12.  Who is a “representative” of the equity purchaser?

A   Under the law, a representative of the equity purchaser is a person who in any manner solicits, induces, or causes any property owner in foreclosure to transfer title to the equity purchaser (Cal. Civ. Code § 1695.15(b)).

A representative of an equity purchaser is also a person who solicits any member of the property owner’s family or household to induce or cause the equity seller to transfer title to an equity purchaser (Cal. Civ. Code § 1695.15(b)).

13.  What does HESC require of a representative of the equity purchaser?

A   A representative of the equity purchaser must:

  1. Provide written proof to the equity seller that the representative has a valid, current “California Real Estate Sales License” (Cal. Civ. Code § 1695.17(a)(1));
  2. Provide a written statement, under penalty of perjury, that the representative of the equity purchaser has the above license.  The written statement under penalty of perjury must be provided to both the equity seller and equity purchaser prior to transfer of any interest in the subject real property. (Cal. Civ. Code § 1695.17(a)(2).)
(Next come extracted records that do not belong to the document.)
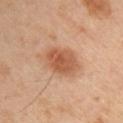Assessment: The lesion was tiled from a total-body skin photograph and was not biopsied. Background: Located on the left arm. About 5 mm across. A female subject approximately 40 years of age. Cropped from a total-body skin-imaging series; the visible field is about 15 mm.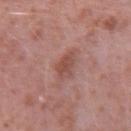Part of a total-body skin-imaging series; this lesion was reviewed on a skin check and was not flagged for biopsy. From the arm. About 3 mm across. Cropped from a total-body skin-imaging series; the visible field is about 15 mm. A male patient roughly 40 years of age.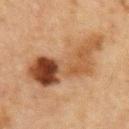<case>
<biopsy_status>not biopsied; imaged during a skin examination</biopsy_status>
<lesion_size>
  <long_diameter_mm_approx>10.0</long_diameter_mm_approx>
</lesion_size>
<image>
  <source>total-body photography crop</source>
  <field_of_view_mm>15</field_of_view_mm>
</image>
<patient>
  <sex>male</sex>
  <age_approx>65</age_approx>
</patient>
<lighting>cross-polarized</lighting>
<site>front of the torso</site>
</case>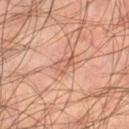{
  "patient": {
    "sex": "male",
    "age_approx": 45
  },
  "site": "right lower leg",
  "lighting": "cross-polarized",
  "image": {
    "source": "total-body photography crop",
    "field_of_view_mm": 15
  }
}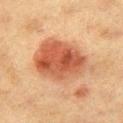  biopsy_status: not biopsied; imaged during a skin examination
  patient:
    sex: female
    age_approx: 40
  image:
    source: total-body photography crop
    field_of_view_mm: 15
  site: left thigh

Should these requirements not be fulfilled, the equity seller may choose to have the purchase contract voided by the court.  Even if the seller cancels, the equity purchaser is liable for all damages caused by the failure to comply with these requirements. (Cal. Civ. Code § 1695.17(b).)

C.A.R. form DPL, “A Declaration and Proof of Real Estate License” satisfies this written statement requirement.

14.  What about the bond requirement found in Civil Code Section 1695.17?

A    The Fourth District Court of Appeal in Schweitzer v. Westminster Investments held that the bond requirement under Civil Code Section 1695.17 for an equity purchaser’s representative is “void for vagueness under the due process clause and may not be enforced.” The California Supreme Court has declined to review this case which means that the previous bond requirement has been eliminated from HESC. (Schweitzer v. Westminster Investments, 157 Cal. App. 4th 1195 (2007),review denied March 26, 2008.)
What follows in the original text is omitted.